> **Exercise details**: Determine the count of lines in the following entries that contain the string "each". Write only the number.

> **Material supplied**:
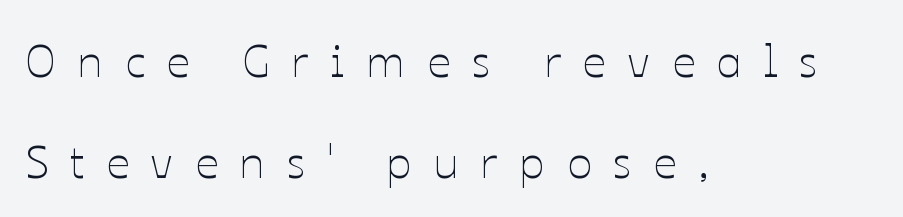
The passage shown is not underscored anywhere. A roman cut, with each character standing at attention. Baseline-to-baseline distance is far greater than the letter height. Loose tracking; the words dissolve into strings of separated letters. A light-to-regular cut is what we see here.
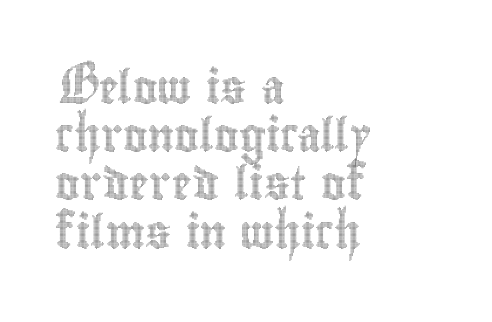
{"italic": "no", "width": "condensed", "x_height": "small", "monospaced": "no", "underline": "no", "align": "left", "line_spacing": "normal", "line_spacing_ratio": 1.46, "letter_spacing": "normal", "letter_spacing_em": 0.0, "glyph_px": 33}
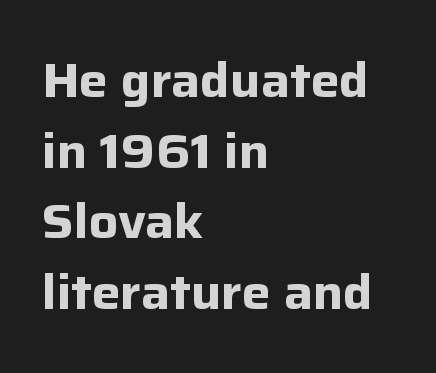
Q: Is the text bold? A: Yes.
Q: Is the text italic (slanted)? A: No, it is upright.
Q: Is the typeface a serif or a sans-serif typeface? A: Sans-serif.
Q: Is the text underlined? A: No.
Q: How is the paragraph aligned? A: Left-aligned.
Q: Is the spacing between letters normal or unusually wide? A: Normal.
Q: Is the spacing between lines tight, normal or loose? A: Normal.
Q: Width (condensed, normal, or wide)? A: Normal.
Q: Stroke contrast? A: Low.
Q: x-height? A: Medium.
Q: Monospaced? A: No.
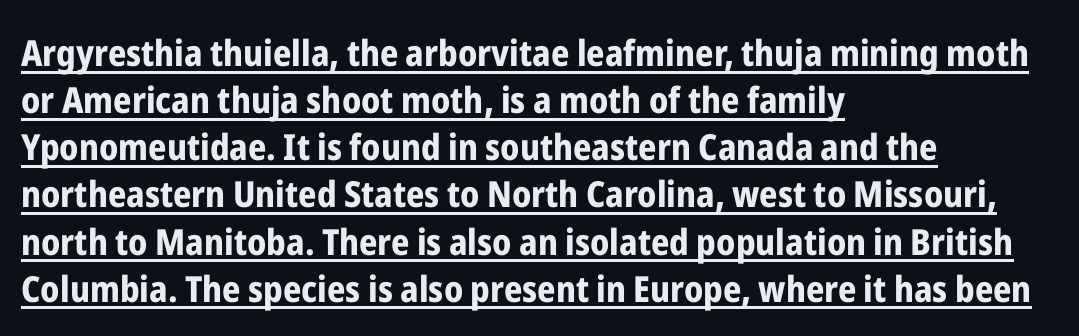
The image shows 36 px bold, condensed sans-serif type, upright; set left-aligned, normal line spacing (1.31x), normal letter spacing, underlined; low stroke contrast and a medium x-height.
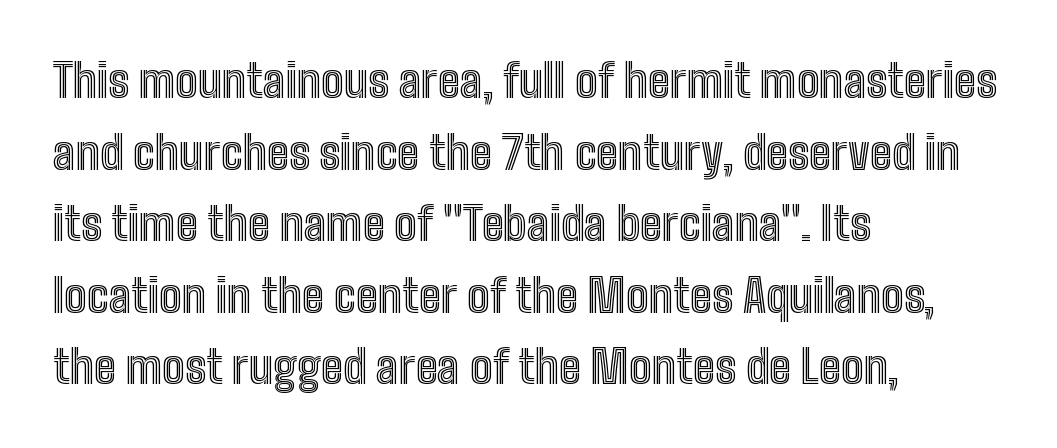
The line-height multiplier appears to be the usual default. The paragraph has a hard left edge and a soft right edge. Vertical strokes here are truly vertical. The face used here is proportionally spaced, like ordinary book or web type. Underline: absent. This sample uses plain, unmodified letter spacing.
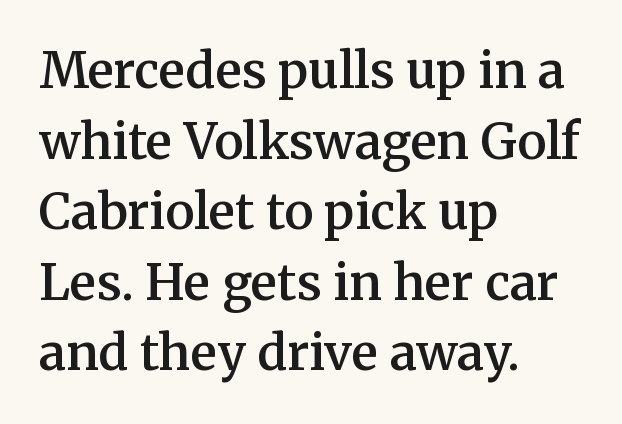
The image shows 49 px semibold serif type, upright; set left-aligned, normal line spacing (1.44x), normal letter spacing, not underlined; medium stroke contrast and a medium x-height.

==

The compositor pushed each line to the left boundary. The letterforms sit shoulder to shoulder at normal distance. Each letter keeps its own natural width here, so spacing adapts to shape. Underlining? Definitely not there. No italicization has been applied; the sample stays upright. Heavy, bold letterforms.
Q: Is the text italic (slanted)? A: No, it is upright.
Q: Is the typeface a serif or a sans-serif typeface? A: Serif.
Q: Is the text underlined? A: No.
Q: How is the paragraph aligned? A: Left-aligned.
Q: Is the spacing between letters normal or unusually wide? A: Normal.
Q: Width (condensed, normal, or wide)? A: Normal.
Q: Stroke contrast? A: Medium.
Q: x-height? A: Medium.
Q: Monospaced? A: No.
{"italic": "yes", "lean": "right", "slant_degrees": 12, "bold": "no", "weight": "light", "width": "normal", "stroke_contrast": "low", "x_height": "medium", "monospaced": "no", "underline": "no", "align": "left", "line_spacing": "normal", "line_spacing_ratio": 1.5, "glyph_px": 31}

==

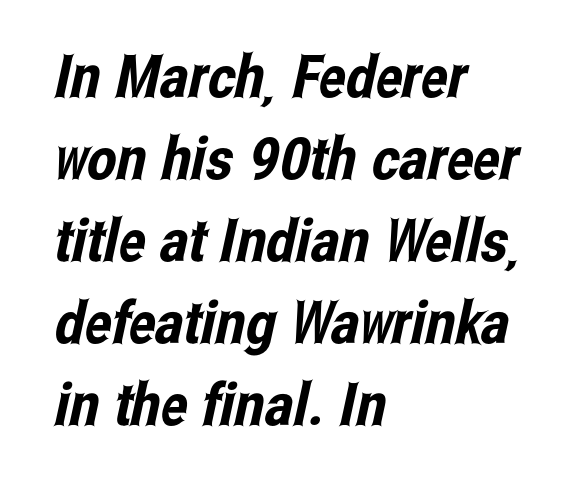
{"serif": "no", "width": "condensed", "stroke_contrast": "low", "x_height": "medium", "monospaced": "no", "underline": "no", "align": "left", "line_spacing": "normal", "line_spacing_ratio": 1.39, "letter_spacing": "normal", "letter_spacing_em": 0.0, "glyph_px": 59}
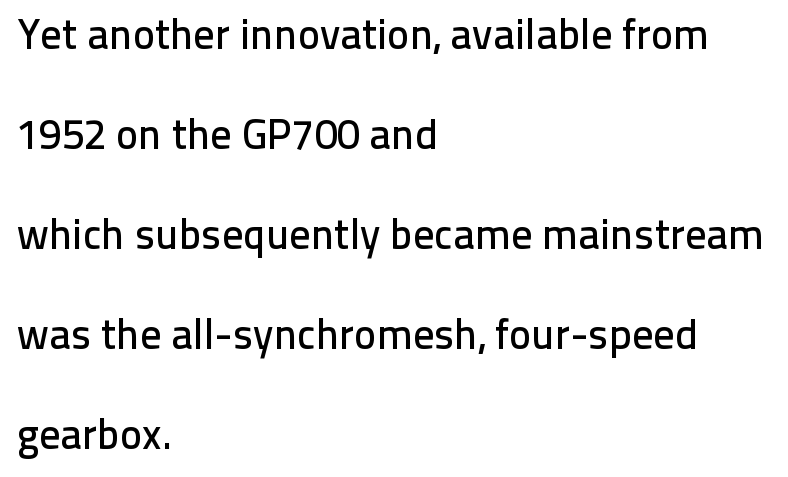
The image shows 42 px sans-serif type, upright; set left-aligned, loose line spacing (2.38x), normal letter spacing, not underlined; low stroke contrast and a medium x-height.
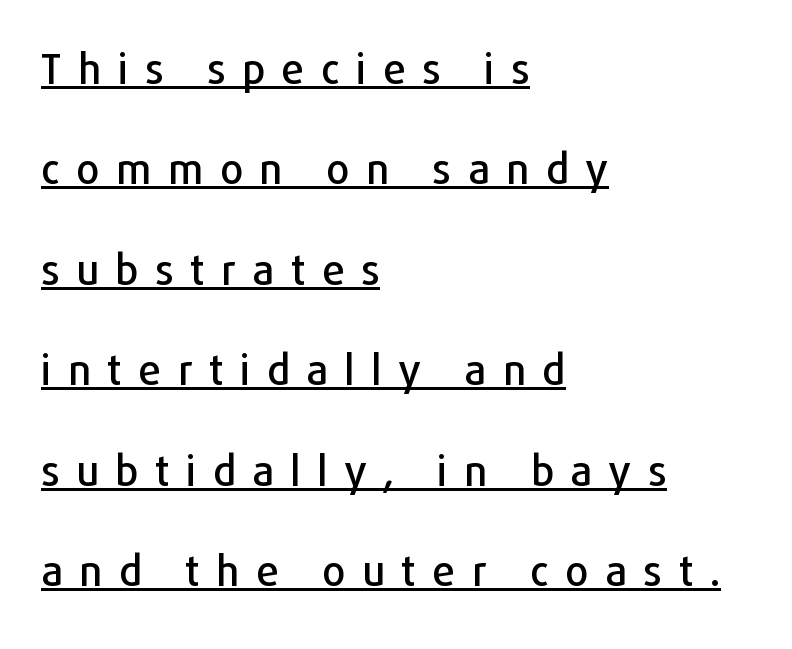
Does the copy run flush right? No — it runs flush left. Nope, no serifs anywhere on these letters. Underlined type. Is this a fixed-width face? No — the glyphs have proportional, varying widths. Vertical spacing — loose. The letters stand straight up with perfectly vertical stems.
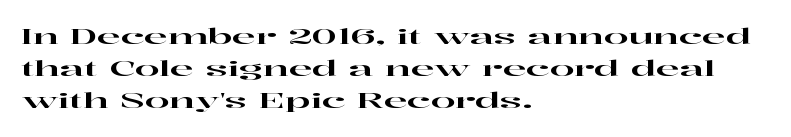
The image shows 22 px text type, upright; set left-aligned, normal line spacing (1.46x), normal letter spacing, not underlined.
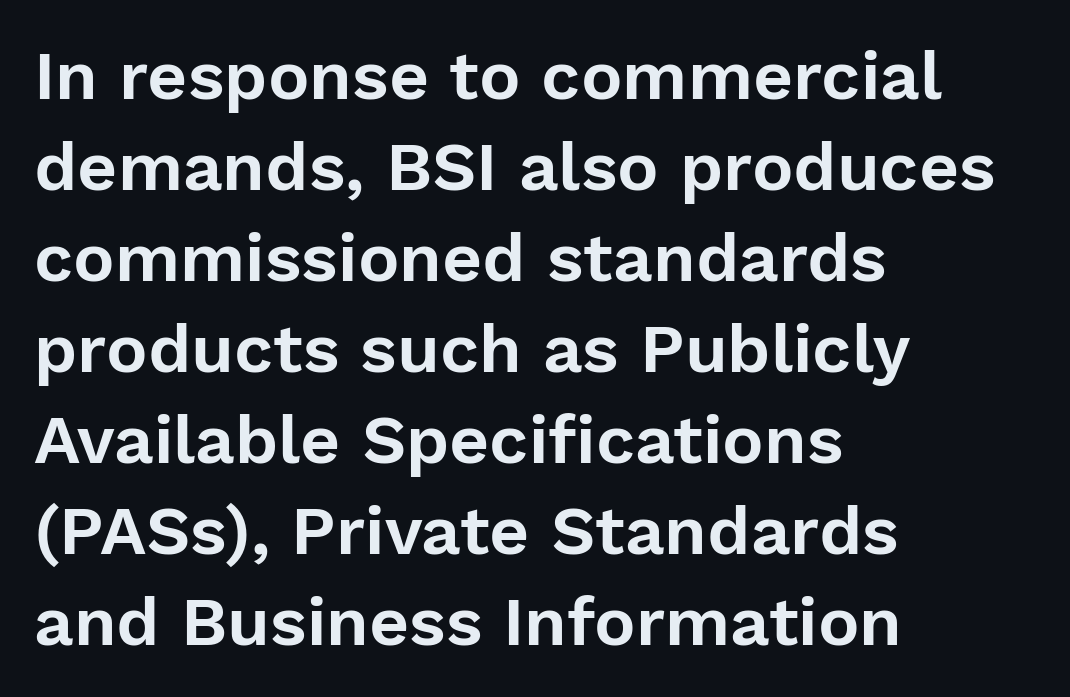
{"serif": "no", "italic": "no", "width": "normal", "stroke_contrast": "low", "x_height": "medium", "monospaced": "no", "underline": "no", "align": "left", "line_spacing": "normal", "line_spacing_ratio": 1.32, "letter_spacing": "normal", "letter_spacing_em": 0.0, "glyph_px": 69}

> **Exercise result**: 2